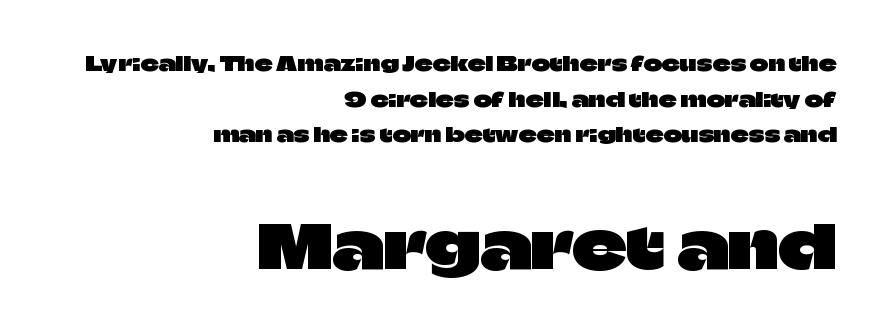
Q: Is the text italic (slanted)? A: No, it is upright.
Q: Is the typeface a serif or a sans-serif typeface? A: Sans-serif.
Q: Is the text underlined? A: No.
Q: How is the paragraph aligned? A: Right-aligned.
Q: Is the spacing between letters normal or unusually wide? A: Normal.
Q: Which block of text is set in a larger size, the first (top) or the second (bottom)? A: The second (bottom) one.
Q: Width (condensed, normal, or wide)? A: Normal.
Q: Stroke contrast? A: Low.
Q: x-height? A: Large.
Q: Monospaced? A: No.
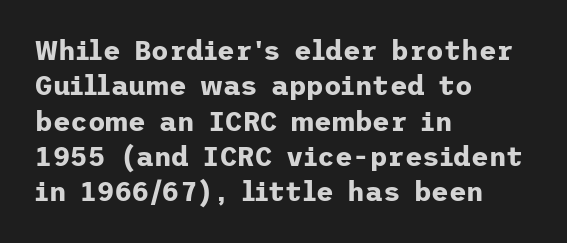
Q: Is the text bold? A: Yes.
Q: Is the text italic (slanted)? A: No, it is upright.
Q: Is the text underlined? A: No.
Q: How is the paragraph aligned? A: Left-aligned.
Q: Is the spacing between letters normal or unusually wide? A: Normal.
Q: Is the spacing between lines tight, normal or loose? A: Normal.
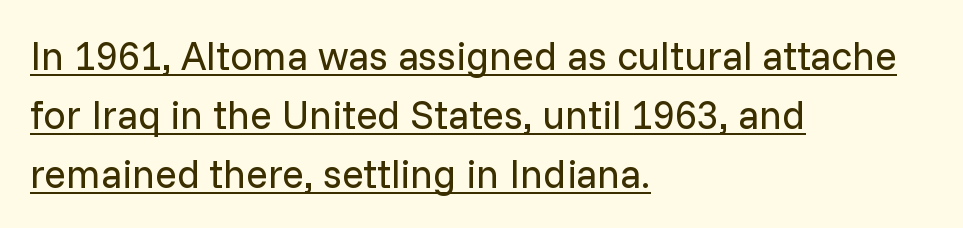
The space between consecutive lines is moderate. You can tell from the bare stems that sans-serif type was used. You can see a thin bar hugging the bottom of the glyphs. A student would call this left alignment; a typographer would say flush left, rag right.
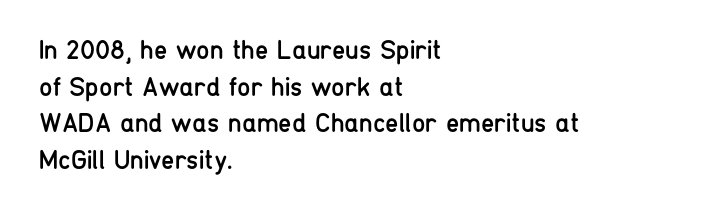
{"italic": "no", "bold": "no", "underline": "no", "align": "left", "line_spacing": "normal", "line_spacing_ratio": 1.36, "letter_spacing": "normal", "letter_spacing_em": 0.0, "glyph_px": 27}
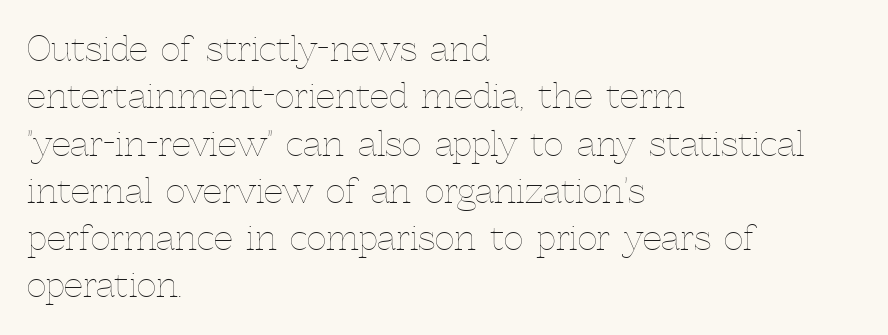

-- REQUIRED ACTION --
Could you reproduce every record above exactly, leaving out any pictures?

-- YOUR RESPONSE --
Q: Is the text italic (slanted)? A: No, it is upright.
Q: Is the typeface a serif or a sans-serif typeface? A: Sans-serif.
Q: Is the text underlined? A: No.
Q: How is the paragraph aligned? A: Right-aligned.
Q: Is the spacing between letters normal or unusually wide? A: Normal.
Q: Which block of text is set in a larger size, the first (top) or the second (bottom)? A: The second (bottom) one.
Q: Width (condensed, normal, or wide)? A: Normal.
Q: Stroke contrast? A: Low.
Q: x-height? A: Large.
Q: Monospaced? A: No.
Q: Is the text bold? A: Yes.
Q: Is the text italic (slanted)? A: No, it is upright.
Q: Is the text underlined? A: No.
Q: How is the paragraph aligned? A: Left-aligned.
Q: Is the spacing between letters normal or unusually wide? A: Normal.
Q: Is the spacing between lines tight, normal or loose? A: Normal.
The space between consecutive lines is moderate. You can tell from the bare stems that sans-serif type was used. You can see a thin bar hugging the bottom of the glyphs. A student would call this left alignment; a typographer would say flush left, rag right.
{"italic": "no", "bold": "no", "underline": "no", "align": "left", "line_spacing": "normal", "line_spacing_ratio": 1.36, "letter_spacing": "normal", "letter_spacing_em": 0.0, "glyph_px": 27}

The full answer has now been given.